ABOUT THIS TASK —
Output the data once more, exactly as given.

Stored items:
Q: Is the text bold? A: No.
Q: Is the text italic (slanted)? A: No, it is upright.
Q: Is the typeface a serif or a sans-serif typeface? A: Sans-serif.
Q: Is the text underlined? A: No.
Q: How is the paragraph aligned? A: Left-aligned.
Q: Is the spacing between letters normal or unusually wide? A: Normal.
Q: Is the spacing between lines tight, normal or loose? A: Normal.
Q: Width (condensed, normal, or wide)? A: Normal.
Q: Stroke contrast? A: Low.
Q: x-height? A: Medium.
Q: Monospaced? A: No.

RESPONSE BELOW —
Q: Is the text bold? A: No.
Q: Is the text italic (slanted)? A: No, it is upright.
Q: Is the typeface a serif or a sans-serif typeface? A: Sans-serif.
Q: Is the text underlined? A: No.
Q: How is the paragraph aligned? A: Left-aligned.
Q: Is the spacing between letters normal or unusually wide? A: Normal.
Q: Is the spacing between lines tight, normal or loose? A: Normal.
Q: Width (condensed, normal, or wide)? A: Normal.
Q: Stroke contrast? A: Low.
Q: x-height? A: Medium.
Q: Monospaced? A: No.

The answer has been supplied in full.